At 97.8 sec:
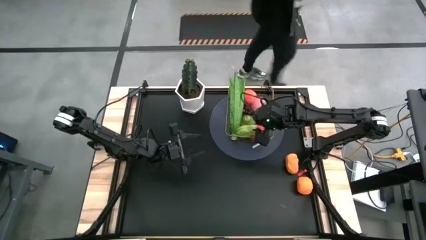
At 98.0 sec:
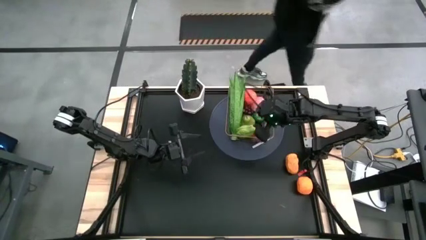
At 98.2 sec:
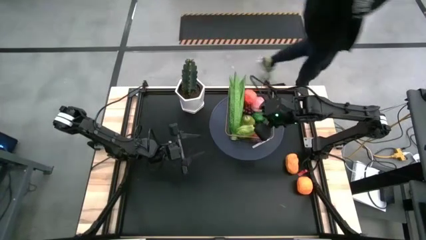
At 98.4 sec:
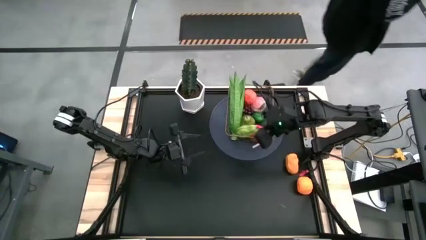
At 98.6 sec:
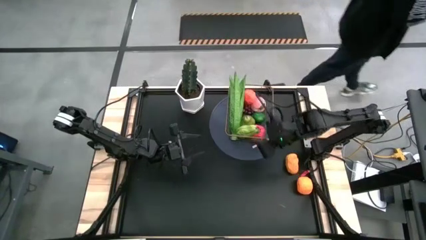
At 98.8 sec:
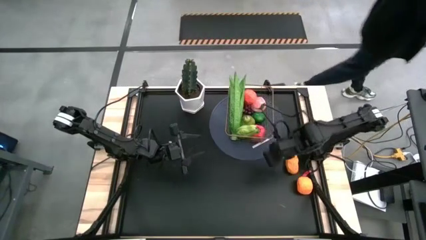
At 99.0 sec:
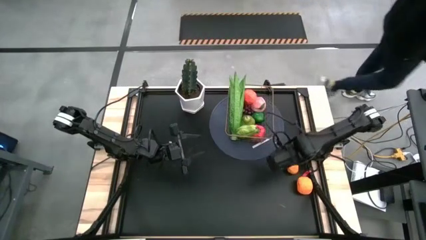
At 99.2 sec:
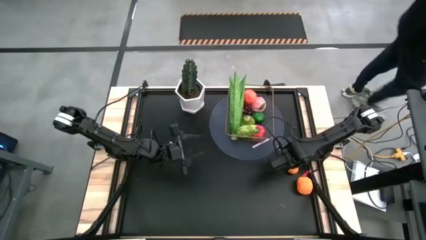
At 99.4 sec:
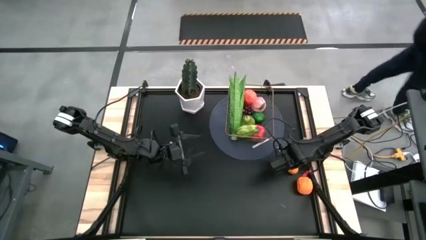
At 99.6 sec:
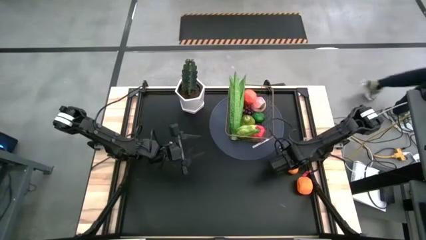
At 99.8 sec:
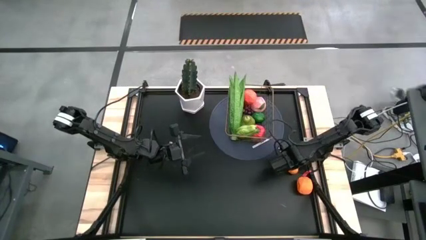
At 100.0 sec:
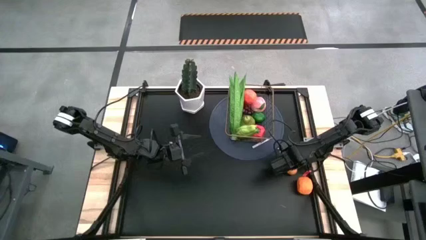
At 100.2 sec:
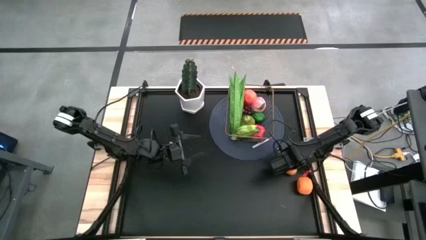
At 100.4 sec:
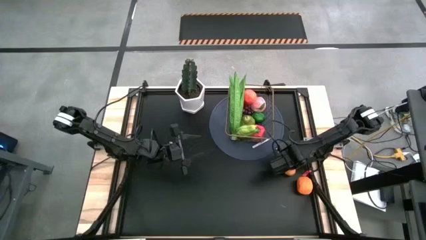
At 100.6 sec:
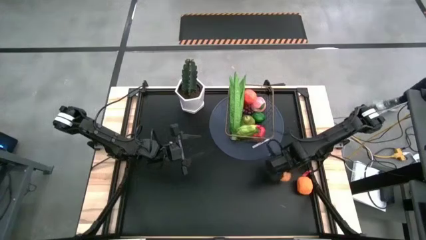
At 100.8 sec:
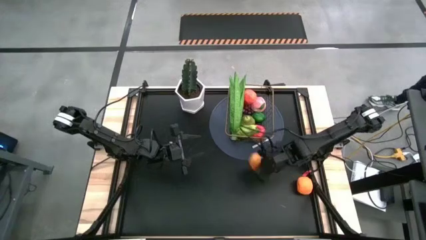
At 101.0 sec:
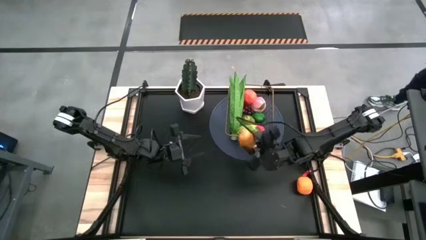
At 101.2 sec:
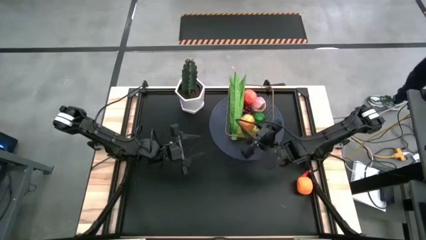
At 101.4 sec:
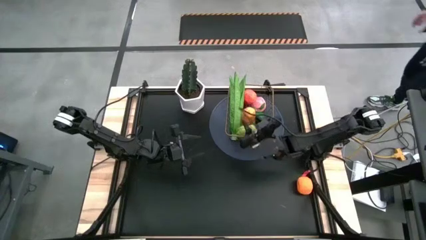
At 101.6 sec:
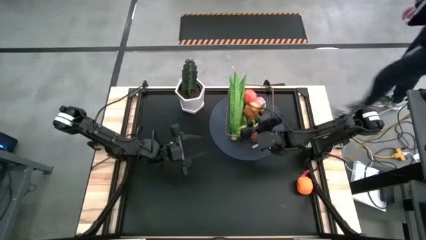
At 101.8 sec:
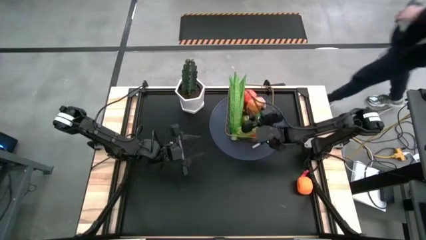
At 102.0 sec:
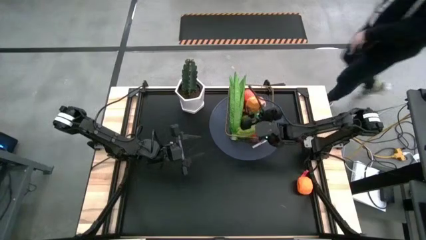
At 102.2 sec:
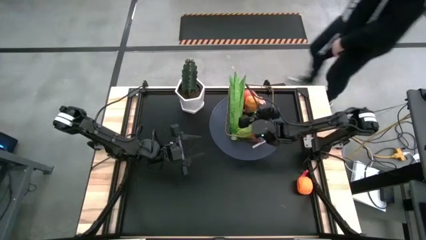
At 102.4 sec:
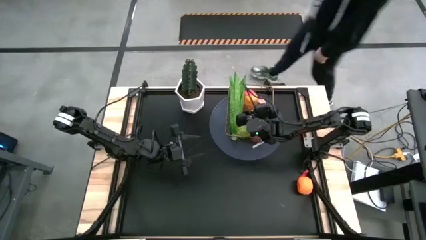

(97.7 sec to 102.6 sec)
Put the yellow mango into the gold wire basket

_____

**Directions**
Set down the lines of the records above exactly, apart from the pictures.

**Answer to this exercise**
At 97.8 sec:
At 98.0 sec:
At 98.2 sec:
At 98.4 sec:
At 98.6 sec:
At 98.8 sec:
At 99.0 sec:
At 99.2 sec:
At 99.4 sec:
At 99.6 sec:
At 99.8 sec:
At 100.0 sec:
At 100.2 sec:
At 100.4 sec:
At 100.6 sec:
At 100.8 sec:
At 101.0 sec:
At 101.2 sec:
At 101.4 sec:
At 101.6 sec:
At 101.8 sec:
At 102.0 sec:
At 102.2 sec:
At 102.4 sec:

(97.7 sec to 102.6 sec)
Put the yellow mango into the gold wire basket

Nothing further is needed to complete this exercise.